И я, прибегнувший к перу,
Скуривший пачку «Беломору»,
Для рифмы пролиставший Тору,
Как Моисей
народу — вру.
Прости… Опять воспоминанье.
Твой потолок, как паланкин,
Плывет туда, где, снова стань я
Собой, — я стал бы не таким.
Вновь оснеженные колонны,
Елагин мост, — но нет меня,
И покрывает простыня
Тебя, как голову Горгоны.
Холодный ветер от лагуны,
И на прощание — в конце —
Морщин серебряные струны
На запрокинутом лице.
Такая бедность не порок,
И в том тебе моя порука:
Скрещенья рук, скрещенья ног,
Как воровство строки и звука.
…В лучах рассыпавшихся призм
Век завершается капризно…
Прости мне мой постмодернизм,
Как разновидность… реализма.
Я не ломаю стену лбом,
Люблю грозу в начале мая,
Когда она из-за сарая,
Как бы резвяся и играя…
А после в небе голубом.
Читаю Дарвина с трудом
И, опуская долу взоры,
Веду разумны разговоры,
Навстречу северной Авроры
Никем пока что не ведом.
И ничего, что без души
Смотрю на то, гляжу на это.
Моя жена — жена поэта?
Вопрос не требует ответа.
В своем альбоме запиши,
Что размышленье — скуки семя,
Всему свое приходит время,
Пришла война — так ногу в стремя,
А не пришла — так не спеши.
Немного красного вина,
Немного солнечного мая,
Люблю грозу, не понимая,
В чем заключается она.
2
Давай пороемся в былом:
Там улыбаются мещанки,
Там не хватает на полбанки,
И всё не так, и все не то.
Там дамы, посланные на,
К себе не чувствуют участья,
Там на обломках самовластья
Не те, что надо, имена.
Но, как предмет сечет предмет,
Там все великое — велико.
Ночь. Улица. Фонарь. Калитка.
И в небе ультрафиолет.
Там, с похмела себя не чуя,
На дровнях обновляют путь,
И если бьют кого-нибудь,
То как крестьянин, торжествуя.
Там солнце светит под углом
С утра и к вечеру, и я там
Рассвет не сравнивал с закатом
И что-то, видно, пропустил.
В России всегда можно было
стрельнуть сигарету
Нина Искренко
1
Качаясь, как чаша в руках у жены, что сидела на звере багряном,
Ты выйдешь впотьмах на родную Миклухо-Маклая,
Где снег, оседая с балконов в кружении странном,
Опустится наземь, библейскую ночь освещая(зачеркнуто)
освящая.
О звере багряном пошла было речь, но твой мозг перетянут капроном
Московского с понтом житья и докуки житейской.

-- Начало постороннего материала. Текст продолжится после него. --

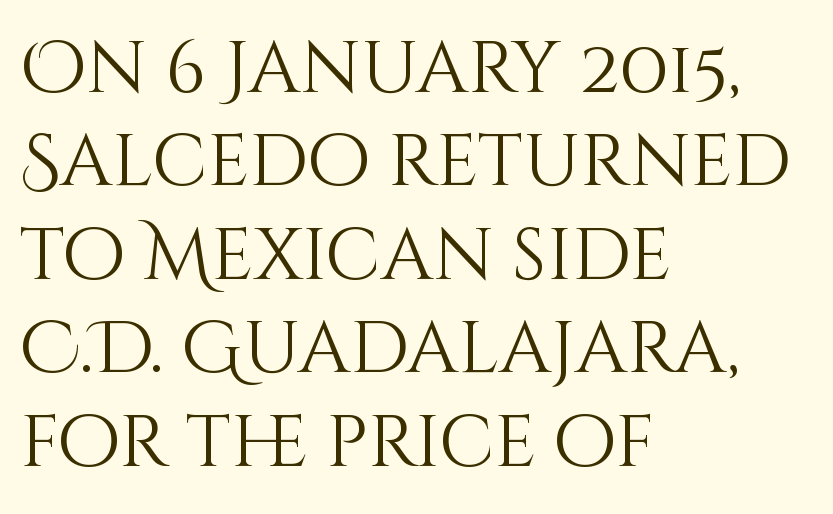
Q: Is the text bold? A: No.
Q: Is the text italic (slanted)? A: No, it is upright.
Q: Is the text underlined? A: No.
Q: How is the paragraph aligned? A: Left-aligned.
Q: Is the spacing between letters normal or unusually wide? A: Normal.
Q: Is the spacing between lines tight, normal or loose? A: Normal.
Q: Width (condensed, normal, or wide)? A: Normal.
Q: Stroke contrast? A: Medium.
Q: x-height? A: Large.
Q: Monospaced? A: No.
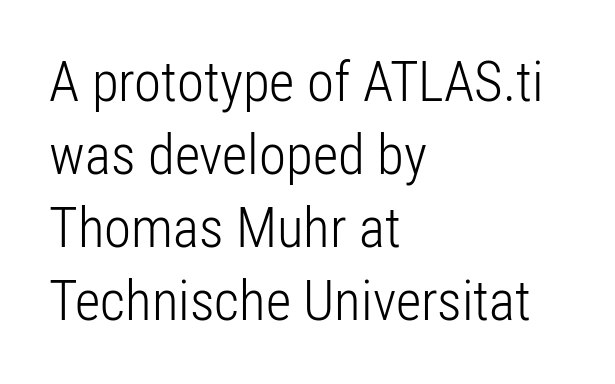
Q: Is the text bold? A: No.
Q: Is the text italic (slanted)? A: No, it is upright.
Q: Is the typeface a serif or a sans-serif typeface? A: Sans-serif.
Q: Is the text underlined? A: No.
Q: How is the paragraph aligned? A: Left-aligned.
Q: Is the spacing between letters normal or unusually wide? A: Normal.
Q: Is the spacing between lines tight, normal or loose? A: Normal.
Q: Width (condensed, normal, or wide)? A: Condensed.
Q: Stroke contrast? A: Low.
Q: x-height? A: Medium.
Q: Monospaced? A: No.
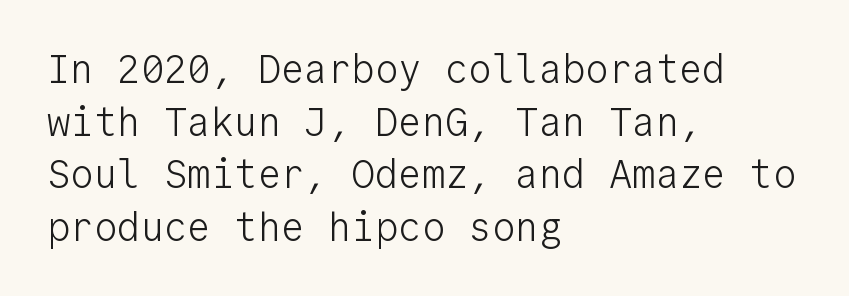
The image shows 39 px light sans-serif type, upright, monospaced; set left-aligned, normal line spacing (1.35x), normal letter spacing, not underlined; low stroke contrast and a medium x-height.
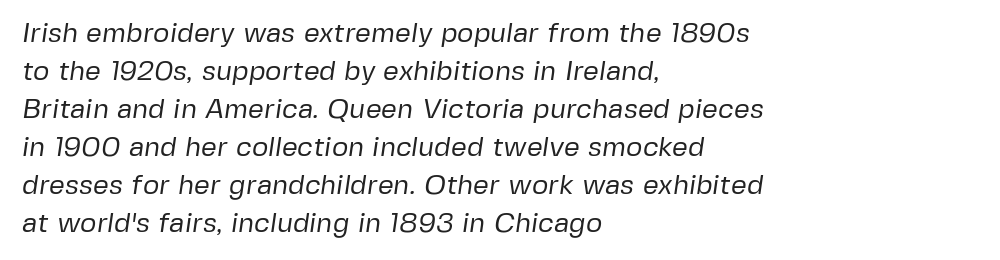
The image shows 28 px regular-weight sans-serif type; set left-aligned, normal line spacing (1.36x), normal letter spacing, not underlined; low stroke contrast and a medium x-height.
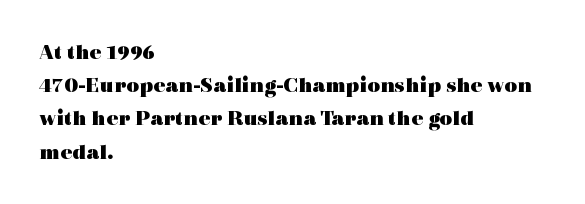
Q: Is the text bold? A: Yes.
Q: Is the text italic (slanted)? A: No, it is upright.
Q: Is the text underlined? A: No.
Q: How is the paragraph aligned? A: Left-aligned.
Q: Is the spacing between letters normal or unusually wide? A: Normal.
Q: Is the spacing between lines tight, normal or loose? A: Normal.
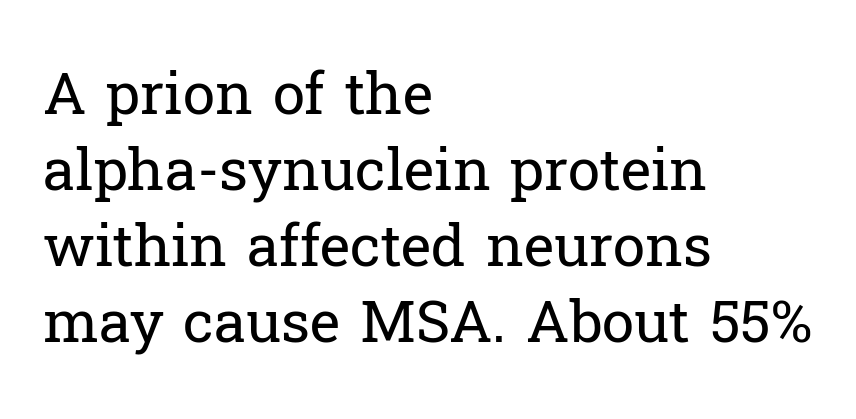
Q: Is the text bold? A: No.
Q: Is the text italic (slanted)? A: No, it is upright.
Q: Is the typeface a serif or a sans-serif typeface? A: Serif.
Q: Is the text underlined? A: No.
Q: How is the paragraph aligned? A: Left-aligned.
Q: Is the spacing between letters normal or unusually wide? A: Normal.
Q: Is the spacing between lines tight, normal or loose? A: Normal.
Q: Width (condensed, normal, or wide)? A: Normal.
Q: Stroke contrast? A: Low.
Q: x-height? A: Medium.
Q: Monospaced? A: No.
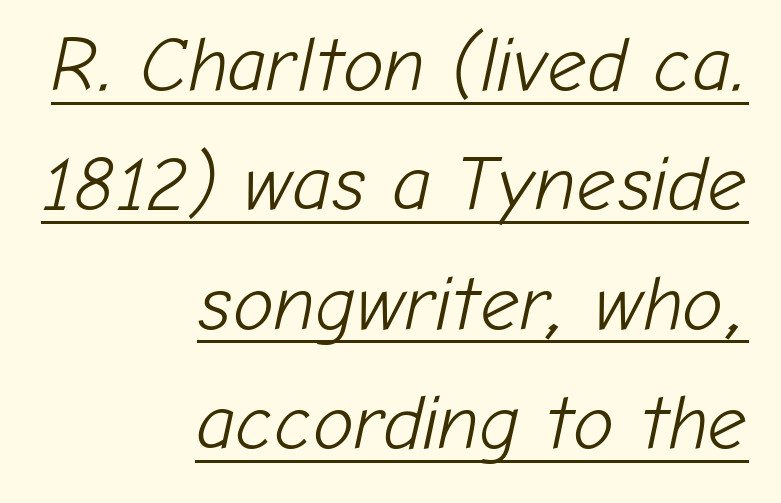
{"italic": "yes", "lean": "right", "slant_degrees": 12, "bold": "no", "weight": "light", "width": "normal", "stroke_contrast": "low", "x_height": "medium", "monospaced": "no", "underline": "yes", "align": "right", "line_spacing": "normal", "line_spacing_ratio": 1.55, "letter_spacing": "normal", "letter_spacing_em": 0.0, "glyph_px": 77}
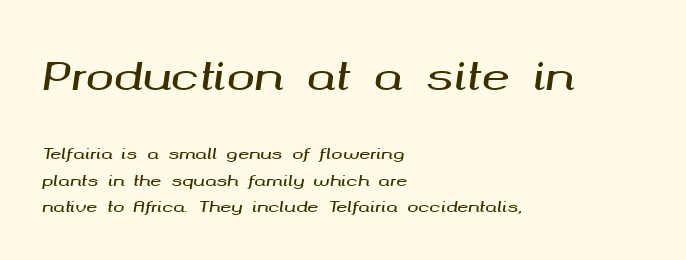
The rendering uses natural spacing where letterforms have individual widths. Short note: letters normally spaced. Alignment: flush left. Unmarked baselines from the first word to the last. Does the lettering tilt? It does — this is italic. Character size in the leading block exceeds that of the trailing block.
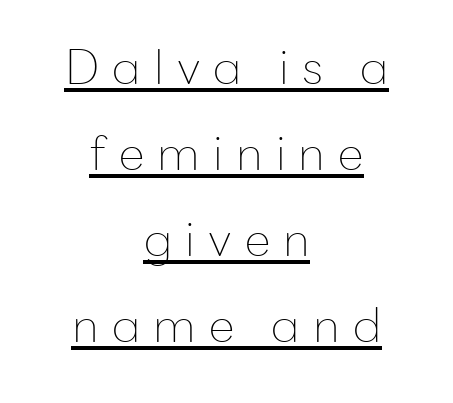
The typeface has the unassuming heft of standard copy or less. A sans-serif font was chosen for this passage. Looks like regular typesetting: each glyph gets only the width it needs. Does extra space separate the letters? Yes, quite a lot of it.
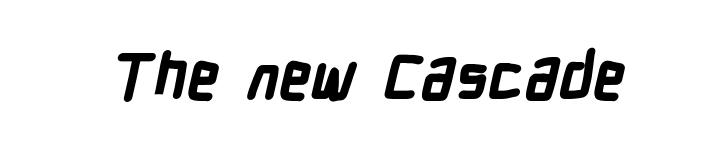
The image shows 62 px bold, condensed sans-serif type; set normal letter spacing, not underlined; low stroke contrast and a medium x-height.
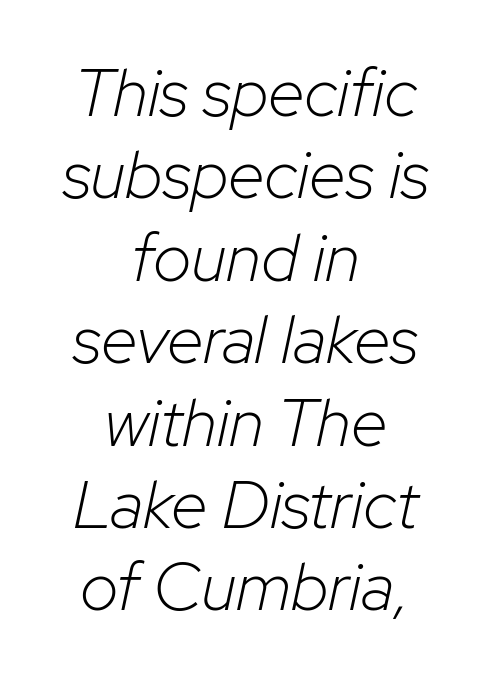
The image shows 67 px light type, italic (leaning right); set centered, line spacing 1.23x, normal letter spacing, not underlined; low stroke contrast and a medium x-height.
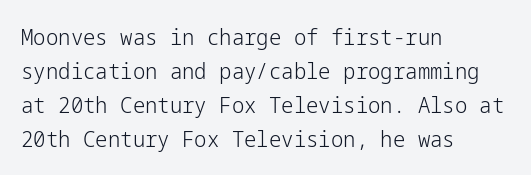
{"italic": "no", "bold": "no", "underline": "no", "align": "left", "line_spacing": "normal", "line_spacing_ratio": 1.54, "letter_spacing": "normal", "letter_spacing_em": 0.0, "glyph_px": 22}
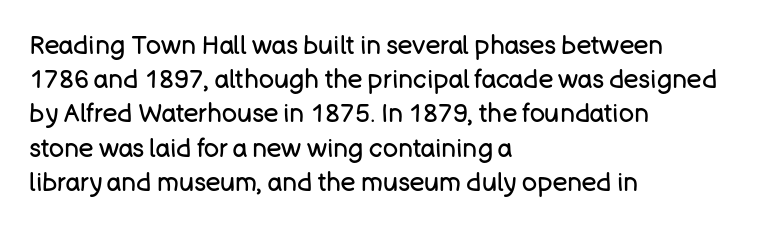
{"italic": "no", "bold": "no", "underline": "no", "align": "left", "line_spacing": "normal", "line_spacing_ratio": 1.37, "letter_spacing": "normal", "letter_spacing_em": 0.0, "glyph_px": 25}
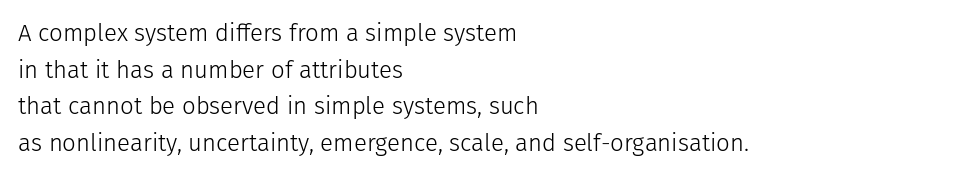
Q: Is the text bold? A: No.
Q: Is the text italic (slanted)? A: No, it is upright.
Q: Is the text underlined? A: No.
Q: How is the paragraph aligned? A: Left-aligned.
Q: Is the spacing between letters normal or unusually wide? A: Normal.
Q: Is the spacing between lines tight, normal or loose? A: Normal.
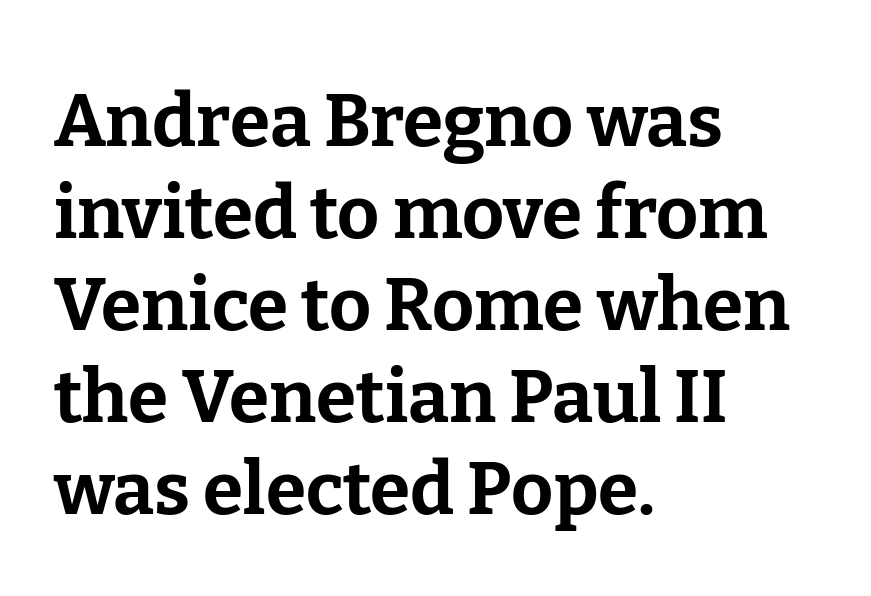
The image shows 73 px bold serif type, upright; set left-aligned, normal line spacing (1.26x), normal letter spacing, not underlined; low stroke contrast and a medium x-height.
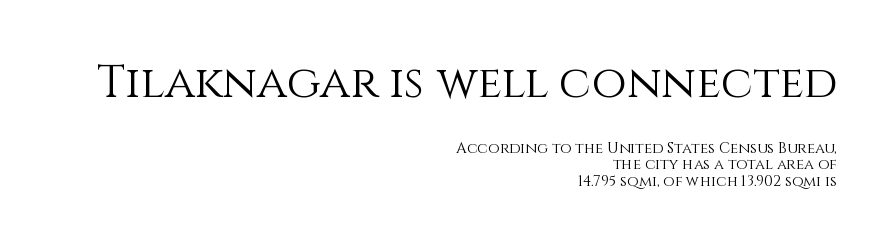
Q: Is the text bold? A: No.
Q: Is the text italic (slanted)? A: No, it is upright.
Q: Is the text underlined? A: No.
Q: How is the paragraph aligned? A: Right-aligned.
Q: Is the spacing between letters normal or unusually wide? A: Normal.
Q: Is the spacing between lines tight, normal or loose? A: Tight.
Q: Which block of text is set in a larger size, the first (top) or the second (bottom)? A: The first (top) one.
Q: Width (condensed, normal, or wide)? A: Normal.
Q: x-height? A: Large.
Q: Monospaced? A: No.
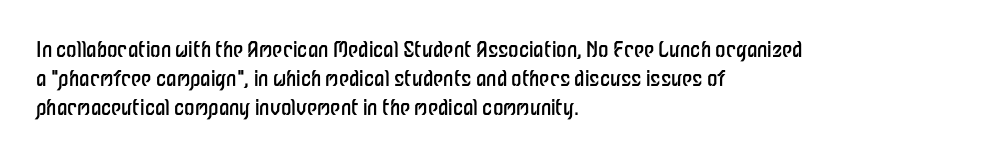
The image shows 21 px text type, upright; set left-aligned, normal line spacing (1.39x), normal letter spacing, not underlined.
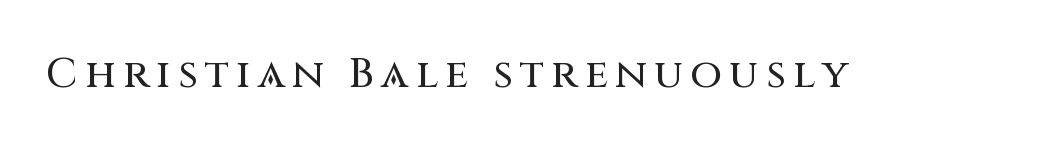
{"serif": "no", "italic": "no", "width": "normal", "stroke_contrast": "medium", "x_height": "large", "monospaced": "no", "underline": "no", "glyph_px": 41}
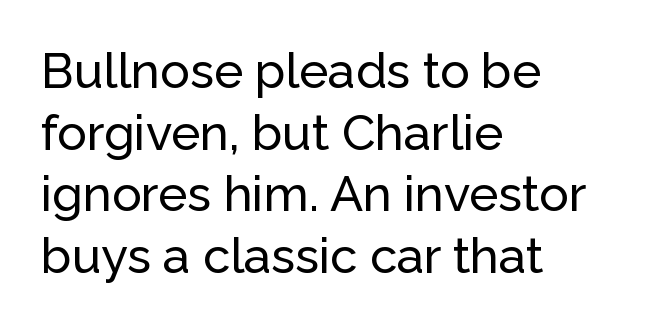
{"serif": "no", "italic": "no", "width": "normal", "stroke_contrast": "low", "x_height": "medium", "monospaced": "no", "underline": "no", "align": "left", "line_spacing": "normal", "line_spacing_ratio": 1.26, "letter_spacing": "normal", "letter_spacing_em": 0.0, "glyph_px": 49}
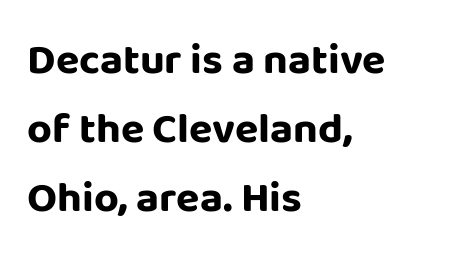
{"serif": "no", "italic": "no", "bold": "yes", "weight": "bold", "width": "normal", "stroke_contrast": "low", "x_height": "large", "monospaced": "no", "underline": "no", "align": "left", "line_spacing": "normal", "line_spacing_ratio": 1.6, "letter_spacing": "normal", "letter_spacing_em": 0.0, "glyph_px": 43}
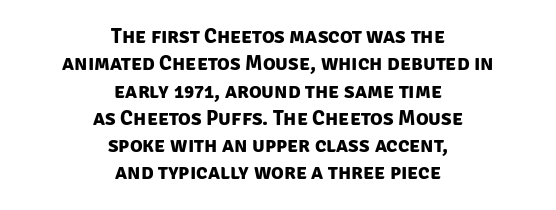
Q: Is the text bold? A: Yes.
Q: Is the text underlined? A: No.
Q: How is the paragraph aligned? A: Centered.
Q: Is the spacing between letters normal or unusually wide? A: Normal.
Q: Is the spacing between lines tight, normal or loose? A: Normal.
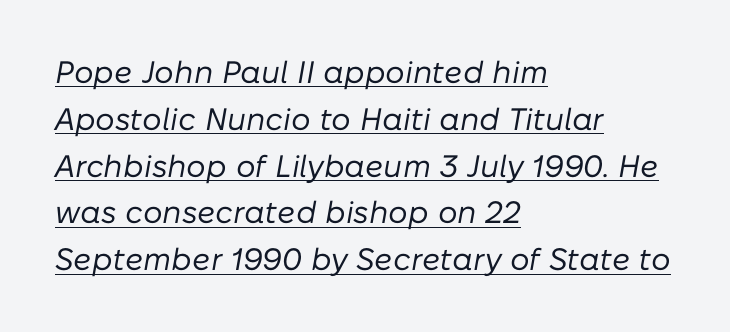
Evenly set lines give the paragraph a standard silhouette. Ink coverage per letter is moderate at most. The letters are slanted; this is an italic face. Like a heading marked for emphasis, these lines bear an underscore. Typeset ragged right — the left edge is the straight one.
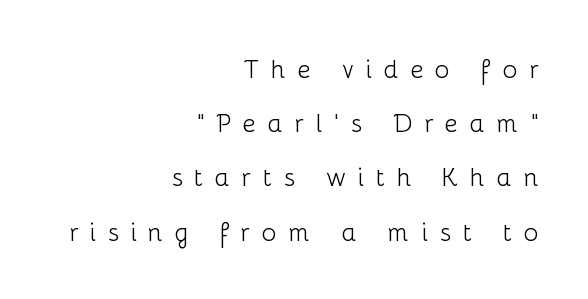
Q: Is the text bold? A: No.
Q: Is the text italic (slanted)? A: No, it is upright.
Q: Is the text underlined? A: No.
Q: How is the paragraph aligned? A: Right-aligned.
Q: Is the spacing between letters normal or unusually wide? A: Unusually wide.
Q: Is the spacing between lines tight, normal or loose? A: Loose.
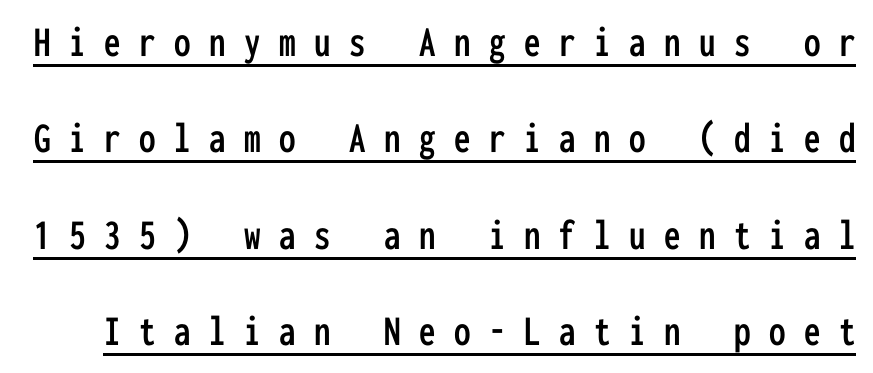
Q: Is the text italic (slanted)? A: No, it is upright.
Q: Is the typeface a serif or a sans-serif typeface? A: Sans-serif.
Q: Is the text underlined? A: Yes.
Q: Is the spacing between letters normal or unusually wide? A: Unusually wide.
Q: Is the spacing between lines tight, normal or loose? A: Loose.
Q: Width (condensed, normal, or wide)? A: Condensed.
Q: Stroke contrast? A: Low.
Q: x-height? A: Medium.
Q: Monospaced? A: Yes.
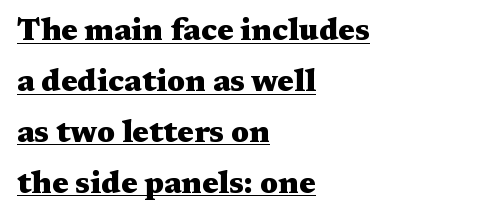
Tall strokes in this sample are plumb rather than angled. The type is set solid horizontally, with unmodified tracking. The rendering uses a moderate line-height, typical for paragraphs. The typesetter has applied underlining to the passage shown. The paragraph has a hard left edge and a soft right edge. Do the characters align in a grid? No, the font is proportional.
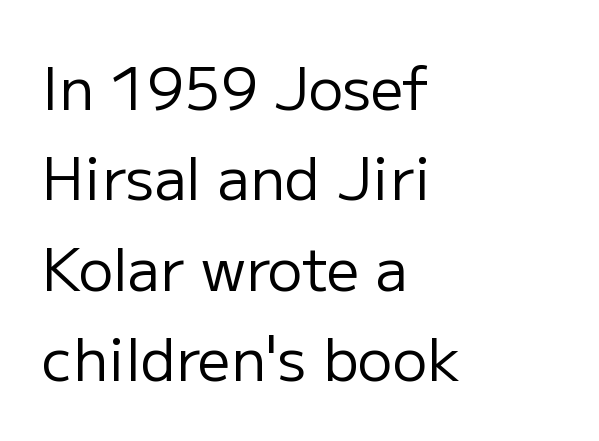
The image shows 58 px regular-weight sans-serif type, upright; set left-aligned, normal line spacing (1.56x), normal letter spacing, not underlined; low stroke contrast and a medium x-height.
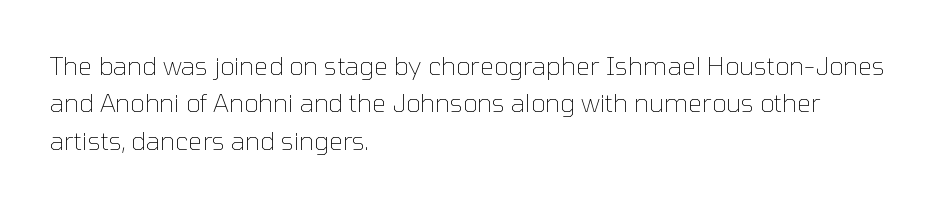
The image shows 25 px text type, upright; set left-aligned, normal line spacing (1.5x), normal letter spacing, not underlined.
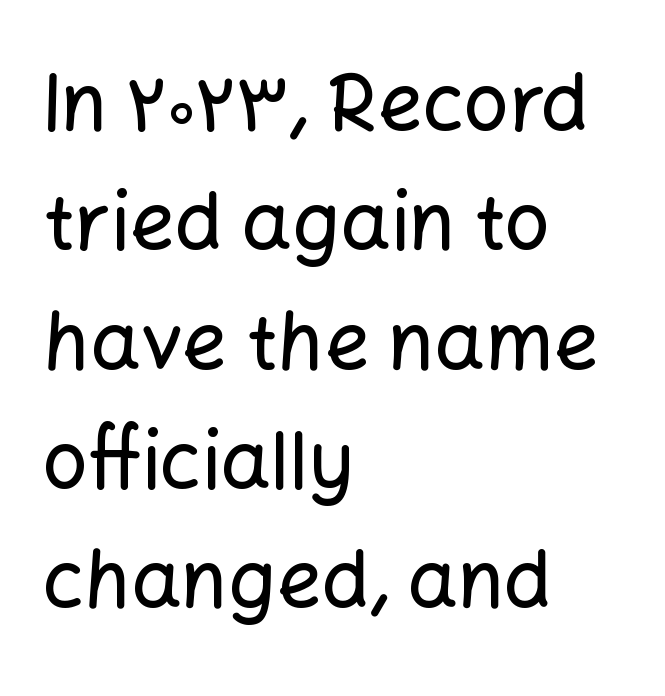
{"serif": "no", "italic": "no", "width": "normal", "stroke_contrast": "low", "x_height": "medium", "monospaced": "no", "underline": "no", "align": "left", "line_spacing": "normal", "line_spacing_ratio": 1.51, "letter_spacing": "normal", "letter_spacing_em": 0.0, "glyph_px": 79}
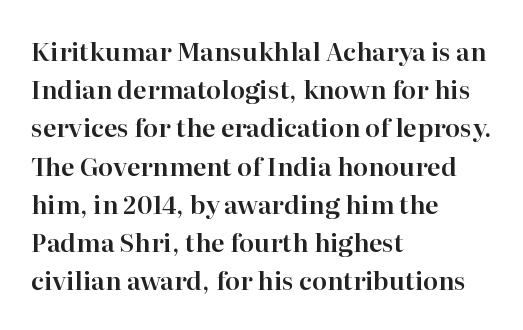
Descenders hang freely into open space. Teacher's note: observe the even left margin — that is flush-left alignment. The vertical gap from one line to the next is medium. If you drew a line through each stem, it would be perfectly vertical. The letters sit at their default tracking, neither squeezed nor spread.
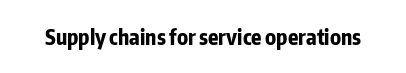
Q: Is the text bold? A: Yes.
Q: Is the text italic (slanted)? A: No, it is upright.
Q: Is the text underlined? A: No.
Q: Is the spacing between letters normal or unusually wide? A: Normal.

И тронулось все, и пошло, вкривь и вкось, Вавилоном,
В котором живем под опекой твоей милицейской.
Выходит, все так и выходит, как вышло. Не надо
Меняться в лице, призывая виновных к ответу.
Для тех, кто приехал с «фирмы», есть пока что отрада —
Стрельнуть на вокзале у заспанных шлюх сигарету.
2
Когда ты считаешь баранов, к которым недавно вернулся,
Как тот Полифем за Улиссом в родную пещеру,
То движется счет на паденье валютного курса,
На коем теперь не построишь лихую карьеру.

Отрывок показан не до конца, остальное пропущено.